There is no ordering of characters within registries.  As mentioned
in Hawaii, the character index (a number) was changed to character
label (a symbol) throughout the proposal.

>>   Page 25 section A.4.5 doesn't specify the syntax of a registry name; did
>>   you intend it to be a string?

These have been changed to be symbols.

>>   Page 27 has an example using  (typep x '(character "standard"))  but
>>   page 25 said that had to be a registry name; "standard" is not a
>>   registry name.

The revision is clearer on this.  character and characterp can take
registry names, :base or :standard.  The meaning of :base and :standard
is defined by Common LISP as the base character repertoire and
standard character repertoire respectively.

>>   Page 29 - *ALL-REGISTER-NAMES* -- a list of strings?

Now a list of symbols.

>>   Page 33 -- FIND-CHAR -- does the index value within a registry have any
>>   portable meaning?  Is that intended to be specified for the standard
>>   registries?  Is "base" supposed to be accepted here?  If not, how can
>>   you access the base codes?  If I were going to construct a character
>>   from its index value, it would be more meaningful to use an index
>>   relative to some coded character set rather than these registries.

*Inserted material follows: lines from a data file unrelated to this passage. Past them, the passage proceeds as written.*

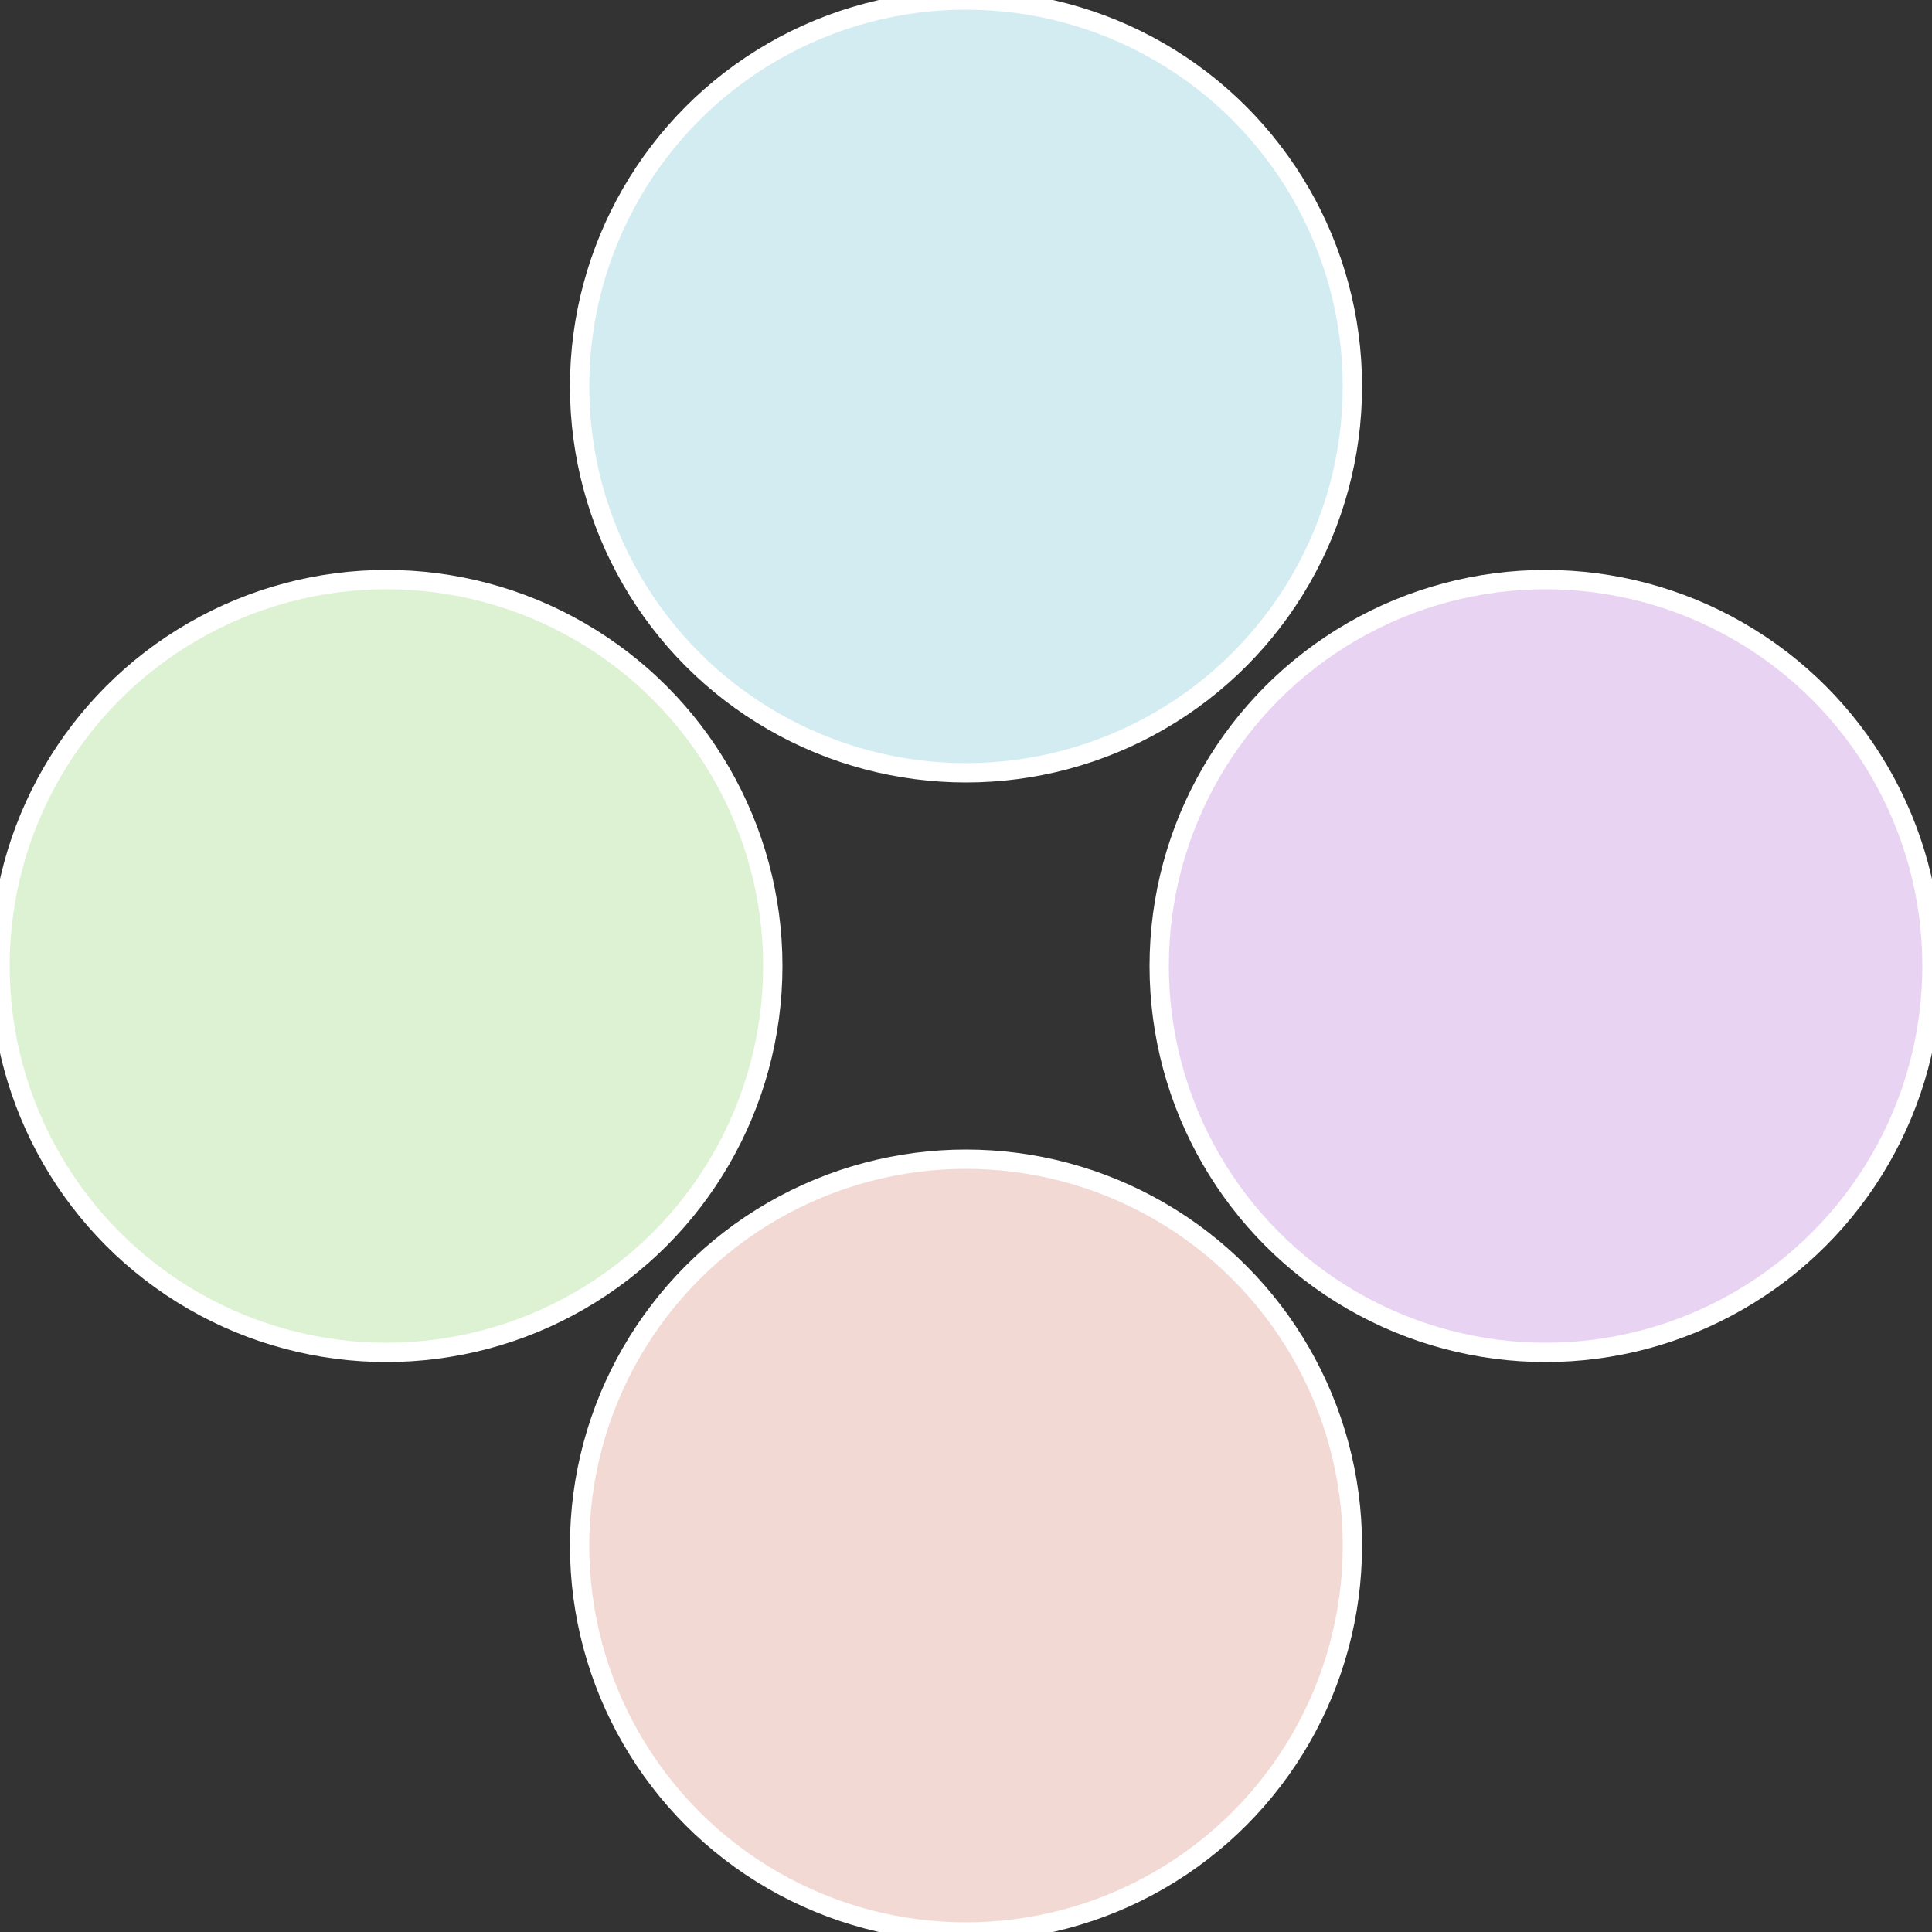 <?xml version="1.0" standalone="no"?>
<svg width="500" height="500" viewBox="-1 -1 2 2" xmlns="http://www.w3.org/2000/svg">
 
                <rect x="-1" y="-1" width="2" height="2" fill="#333333" stroke="none"/>
 
                <circle cx="0.6" cy="0" r="0.4" fill="#e9d3f2" stroke="#fff" stroke-width="1%" />
             
                <circle cx="3.6739403974421E-17" cy="0.6" r="0.4" fill="#f2d9d3" stroke="#fff" stroke-width="1%" />
             
                <circle cx="-0.6" cy="7.3478807948841E-17" r="0.4" fill="#dcf2d3" stroke="#fff" stroke-width="1%" />
             
                <circle cx="-1.1021821192326E-16" cy="-0.6" r="0.4" fill="#d3ecf2" stroke="#fff" stroke-width="1%" />
            </svg>

FIND-CHAR takes a character label and registry.  These are specified
by the registry standard.  Base is not a registry name.  We have
introduced a new function CHAR-CCS-VALUE which takes a character
object and a coded character set name (a symbol) and returns the
encoding of the character in the coded character set.

>>   Page 36, the last sentence doesn't make sense.  The default for
>>   :ELEMENT-TYPE would have to be either CHARACTER or BASE-CHARACTER.

Right. I've made this change.

>>   Page 37, section A.22.1.1 -- the part being deleted specifies the
>>   meaning of including tab and form-feed characters in a Common Lisp
>>   source file; do you really intend that to not have any standard meaning?
>>   If my editor uses tabs for indenting, does that mean that the resulting
>>   source file is not a standard-conforming program?

That really depends on the definition of a conforming program. Is
this defined yet?

>>   Page 38, the first reference to p360 of CLtL should be p353; the
>>   deletion here says that there shall not be any standard name for the
>>   commonly used control characters such as tab and form-feed.  That still
>>   seems wrong to me.
>>   Page 41, what's the point of appending "ccs" to the name of the
>>   standard?  Presumably that stands for "coded character set", but isn't
>>   that adequately implied by the fact that this string will follow the
>>   keyword :EXTERNAL-CODE-FORMAT ?   The use of "default" seems odd since
>>   :DEFAULT is used everywhere else.

This was to distinguish from someone referring to the set of characters
(repertoire) represented in a given coded character set. Ie. to
distinguish ISO8859/6-1987 coded character set from the ISO8850/6-1987
repertoire.  In fact, the ISO coded character set standards never
refer to repertoires in isolation (ie. without the codes), so I've
dropped the 'ccs'.  Also, "default" is now :DEFAULT as elsewhere.

>>   I agree with Moon that the excising of bits and fonts has not been done
>>   carefully enough for them to be compatible extensions.

I think the new revision takes care of this by incorporating the
attribute list as part of the language proper (ie. not deprecated).